In today’s world of chemotherapy and targeted cancer therapies, therapy is administered without checking to see what would happen first.  After the pathologist cuts the cancer into chunks, those pieces, though dead, are preserved within blocks of wax.  A fancy meat cutter then slices off very thin pieces of the tumor so that the pathologist can examine it under the microscope.  From that analysis, and from information about what happened to other patients with similar, but certainly not identical, problems in the past, the physician then decides how to treat the cancer of that individual patient.

This treatment method works about half the time.  Well, to be specific, in cases in which drug therapies are the mainstay, such as for cancers of the lymph nodes and the blood — the lymphomas and leukemias — they really do provide significant benefit.  On the other hand, most of the benefit from modern cancer care for solid tumors comes from the surgical and/or radiation oncologic interventions.  The actual additional incremental survival benefit from chemotherapies or targeted therapies in solid tumors over that provided by surgery or radiation is generally in the single percentage point ranges.

But if instead, the cancerous tissue is kept alive we can test tissues outside the patient’s body against the same therapy that we plan to use against the cancer within the patient.   And only then would we treat the patient with a toxic drug.  But, remarkably, we do not do that.  Instead of keeping cancer tissue alive for further testing, we put it in formalin, which kills it.

Functional precision medicine is the alternative. It is the analysis of each patient’s living cancer tissue after treatment by drugs outside the body. And only then, does the patient receive treatment. This prevents injury to the patient by preventing ineffective cancer therapies from occurring, fostering effective therapies and potential patient benefit, and almost certainly saving costs for the patient.  While this concept is new, a new society has been formed to advance these ideas and create new trials around them.  This society is named the Society for Functional Precision Medicine.  And, a new industry is forming around it to save tissue, freeze it alive, then test it with many different medicines.

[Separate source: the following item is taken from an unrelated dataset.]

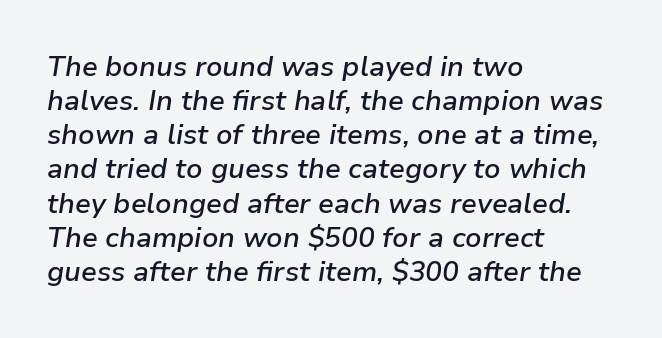
The image shows 28 px semibold type, italic (leaning right); set left-aligned, line spacing 1.22x, normal letter spacing, not underlined; low stroke contrast and a medium x-height.

Just like freezing cord blood for newborns, the technologies exist.  The early supporting data is in.  Now we must shift our thought processes to embrace this change in the way we treat cancer.  The paradigm must shift to the study of an individual patient’s cancerous tissues, and, return that information to the cancer physician. This enables the care team to make better decisions and in effect, puts a person’s cancer to work for them.

Therefore I suggest, we must look further before we define precision medicine in cancer care as the genomic or other molecular characterization of dead tumor tissue.  Conceptually, it makes little sense, and, in actual fact, such analysis works in well under 10 percent of cases.

The real way forward for precision medicine is to keep the cancer tissue alive, then grow it in a culture, just as you would in another analogous situation such as growing a bacterium causing an infectious disease.  Then you test it with different medicines to see what kills it outside the body, just as you would decide which antibiotic to use for that bacterial infection.  This is what is called a co-clinical trial, in which you do the trial on the cancer in a setting in which you figure out whether the treatment works without potentially making the patient sick.

This isn’t rocket science.  This is pretty basic stuff but we seem to have closed our eyes to this reality.

Ken Dixon is a cancer surgeon and founder, SpeciCare.